How does this 'backwards' kite foil work?!

This foil, just like this aeroplane, would be flying from left to right.
There’s been a couple of strange designs emerge in the kite foil world over the years, which haven’t really caught on. There was the twintip foil, the very first foil from North which joined the main and rear wings, and now there’s this from the kite brand Zeeko.

They call it the Spitfire, and say that it offers ‘carving potential above standard’. To most kite foilers, it looks like it’s completely backwards.

Most kite foils, have the big wing at the front, a mast which intersects just behind the big wing, then a long fuselage and little stabiliser at the back.
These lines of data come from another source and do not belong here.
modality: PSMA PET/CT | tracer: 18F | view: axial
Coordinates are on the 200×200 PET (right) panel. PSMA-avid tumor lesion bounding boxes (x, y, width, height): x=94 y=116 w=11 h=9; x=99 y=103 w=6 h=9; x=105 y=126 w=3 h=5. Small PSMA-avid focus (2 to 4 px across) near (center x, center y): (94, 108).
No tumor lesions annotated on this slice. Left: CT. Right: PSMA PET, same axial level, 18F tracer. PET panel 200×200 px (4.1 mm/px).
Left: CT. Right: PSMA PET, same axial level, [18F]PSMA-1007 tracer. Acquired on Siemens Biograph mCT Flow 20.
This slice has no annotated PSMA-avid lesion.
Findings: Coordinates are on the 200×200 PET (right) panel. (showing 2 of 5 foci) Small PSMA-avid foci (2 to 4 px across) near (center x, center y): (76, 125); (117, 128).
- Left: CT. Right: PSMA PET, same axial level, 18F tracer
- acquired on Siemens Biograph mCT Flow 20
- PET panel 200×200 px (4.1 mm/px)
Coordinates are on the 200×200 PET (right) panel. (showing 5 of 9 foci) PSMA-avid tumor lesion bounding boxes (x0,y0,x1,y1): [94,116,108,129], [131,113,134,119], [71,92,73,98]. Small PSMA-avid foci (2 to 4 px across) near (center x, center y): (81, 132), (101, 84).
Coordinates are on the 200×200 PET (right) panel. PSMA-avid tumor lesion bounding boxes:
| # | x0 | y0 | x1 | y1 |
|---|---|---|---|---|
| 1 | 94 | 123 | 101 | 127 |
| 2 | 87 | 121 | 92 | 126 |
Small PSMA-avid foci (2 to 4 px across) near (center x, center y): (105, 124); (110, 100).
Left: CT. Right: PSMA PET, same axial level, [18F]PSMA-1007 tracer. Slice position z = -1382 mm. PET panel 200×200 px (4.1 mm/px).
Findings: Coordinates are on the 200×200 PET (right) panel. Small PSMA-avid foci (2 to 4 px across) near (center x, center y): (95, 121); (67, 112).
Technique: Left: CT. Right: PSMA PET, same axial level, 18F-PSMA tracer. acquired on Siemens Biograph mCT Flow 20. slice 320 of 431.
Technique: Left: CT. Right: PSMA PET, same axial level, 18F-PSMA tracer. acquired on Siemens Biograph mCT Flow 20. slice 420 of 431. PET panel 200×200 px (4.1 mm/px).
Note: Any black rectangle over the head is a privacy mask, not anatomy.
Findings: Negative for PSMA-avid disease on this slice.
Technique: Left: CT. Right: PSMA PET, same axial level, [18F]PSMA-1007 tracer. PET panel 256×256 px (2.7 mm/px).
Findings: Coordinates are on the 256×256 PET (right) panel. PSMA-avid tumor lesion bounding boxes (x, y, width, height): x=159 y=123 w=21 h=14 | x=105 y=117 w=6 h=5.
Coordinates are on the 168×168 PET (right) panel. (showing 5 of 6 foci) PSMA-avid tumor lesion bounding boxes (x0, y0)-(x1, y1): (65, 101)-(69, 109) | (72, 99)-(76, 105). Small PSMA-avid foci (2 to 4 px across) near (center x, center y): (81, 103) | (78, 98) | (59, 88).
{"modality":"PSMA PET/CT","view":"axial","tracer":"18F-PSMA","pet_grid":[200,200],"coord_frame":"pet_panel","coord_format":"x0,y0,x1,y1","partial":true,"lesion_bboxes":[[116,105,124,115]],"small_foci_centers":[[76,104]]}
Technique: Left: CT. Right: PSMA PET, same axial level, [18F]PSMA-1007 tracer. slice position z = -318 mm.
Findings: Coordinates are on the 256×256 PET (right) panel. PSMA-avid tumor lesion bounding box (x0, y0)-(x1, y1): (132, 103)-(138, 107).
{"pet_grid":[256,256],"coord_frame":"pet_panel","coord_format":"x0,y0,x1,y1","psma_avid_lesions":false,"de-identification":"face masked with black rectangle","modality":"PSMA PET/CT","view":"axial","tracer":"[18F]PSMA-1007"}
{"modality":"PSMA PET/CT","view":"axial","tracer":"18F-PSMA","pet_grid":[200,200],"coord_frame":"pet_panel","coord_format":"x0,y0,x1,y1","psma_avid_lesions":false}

Just like an aeroplane – big wing at the front, stabiliser at the back.

This one, has a big wing at the BACK, and the mast at the back. And a little stabiliser at the FRONT! Some aeroplanes do this too, and it’s called a Canard configuration. Renowned for its safety, the canard is a niche design in aviation which hasn’t really caught on. Will it be the next big thing in hydrofoils though?

So how does it work? Well the basics are exactly the same, the main wing lifts, the stabiliser stabilises. Except with a canard, the stabiliser provides lift. So both the foils are providing lift, which seems efficient right? With a conventional foil, the stabiliser actually pulls the tail of the foil down to provide its stabilising effect. This means it’s pulling the foil back down, contrary to the whole point of a foil.

There’s a whole heap of other little intricacies of canards that are well documented in aviation, but overall the complexity is outweighed by the benefits. When it comes to foils however, which use weight shift to rid the foil of moving parts – the canard might actually work!